Estamos acostumbrados a manifestarnos en una visión dualista de todo cuanto existe, y como consecuencia, casi inevitable, surgen confrontaciones entre el hombre y la naturaleza, enfrentamientos entre los hombres mismos y disconformidades del hombre consigo mismo. El zen es la vía que nos conduce del estado de dualidad actual al estado único esencial del ser, donde todo es uno, y es capaz de resolver confrontaciones, enfrentamientos, disconformidades.
¿Porqué tendría que durar años de meditación volver a la mente original que estuvo todo el tiempo iluminada?, -preguntaba un discípulo. Los maestros zen afirman que esto se debe a que estamos limitados por una creencia única en la personalidad propia, y que esa ilusión nos ciega a una realidad mayor.
La experiencia absoluta del zen debe ser vivida personalmente. Es sumamente difícil explicarla mediante palabras. Es fundamental comprender que el zen no es sólo una postura; es también una práctica de vida. En la cotidianidad de nuestros días, instante a intente, podemos desarrollar nuestro zen más profundo.
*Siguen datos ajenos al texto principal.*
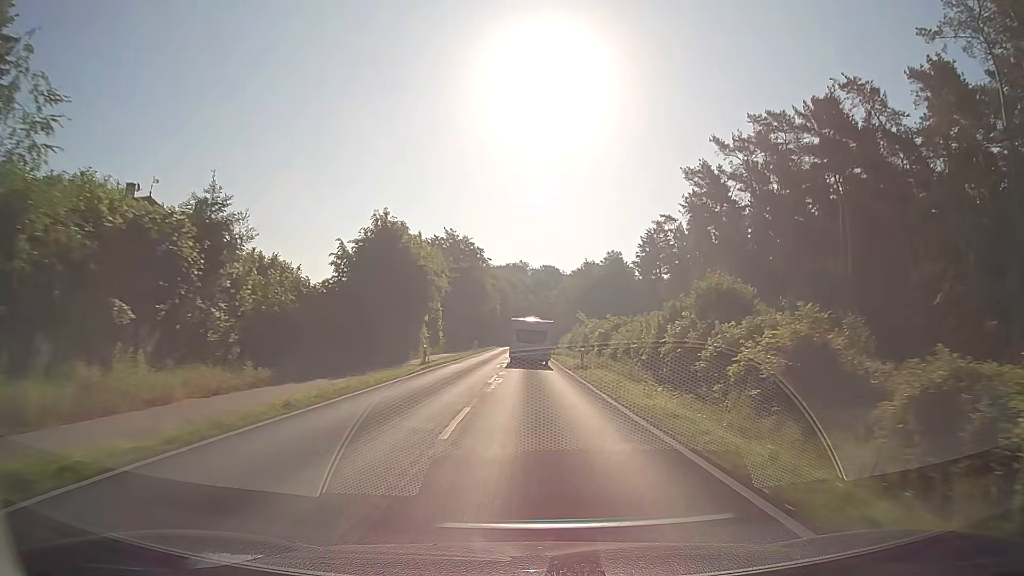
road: secondary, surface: asphalt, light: Day
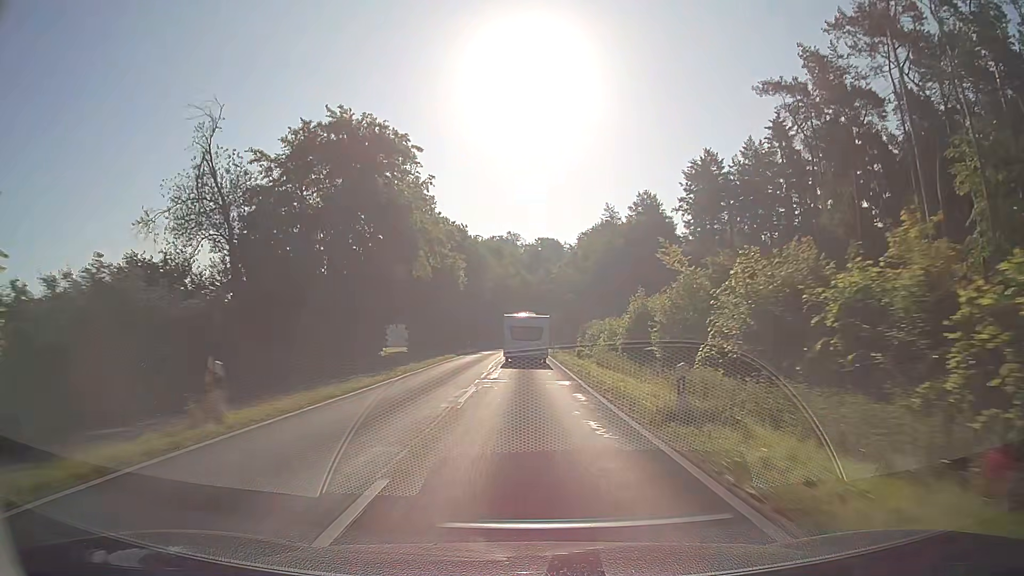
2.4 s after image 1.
(+0.2, +54.9) m; 0°
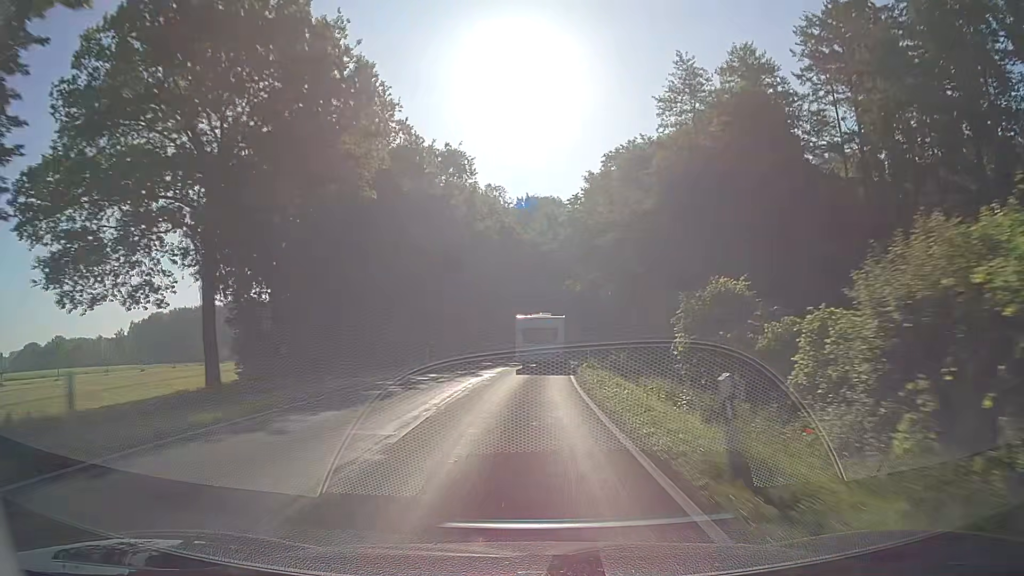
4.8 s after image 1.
(+0.3, +53.2) m; +1°
(0, +10) (0, +20) (+1, +30) (+2, +40) (+3, +50) (+4, +60) (+5, +70) (+7, +80) (+9, +89) (+11, +99) m

II. Un Sabio Maestro llamado Shakyamuni
En esa búsqueda encuentro con la verdad, Shiddarta Gautama, Shakyamuni, Buda, transitó un largo camino.
Nació en el seno de una familia de la casta de los Bramanes hacia el año 563 antes de nuestra era, aproximadamente; en Kapilavastu cerca de la frontera del Nepal, al norte de Benares y próxima a las laderas de los montes Himalaya. Hijo de Suddhodana, y príncipe heredero del Clan de los Shakyas. A pocos días de haber nacido murió su madre, y Mahaprajapati, quien fuera la segunda esposa de su padre, cuidó de él. Sidhartha vivió hasta su juventud rodeado de esplendor. Siendo muy joven contrajo matrimonio con Yasodhara de cuya unión nació su hijo Rahula. De temperamento reflexivo, alejado de los gustos por las vanidades y las cosas mundanas, se sintió atraído por la vida austera, mendicante, y el retiro en soledad, aun cuando su vida transcurría sin ningún tipo de privaciones. Motivado por una reflexión profunda acerca de las duras realidades de la vida, Shakyamuni no siguió los pasos habituales de sus antecesores.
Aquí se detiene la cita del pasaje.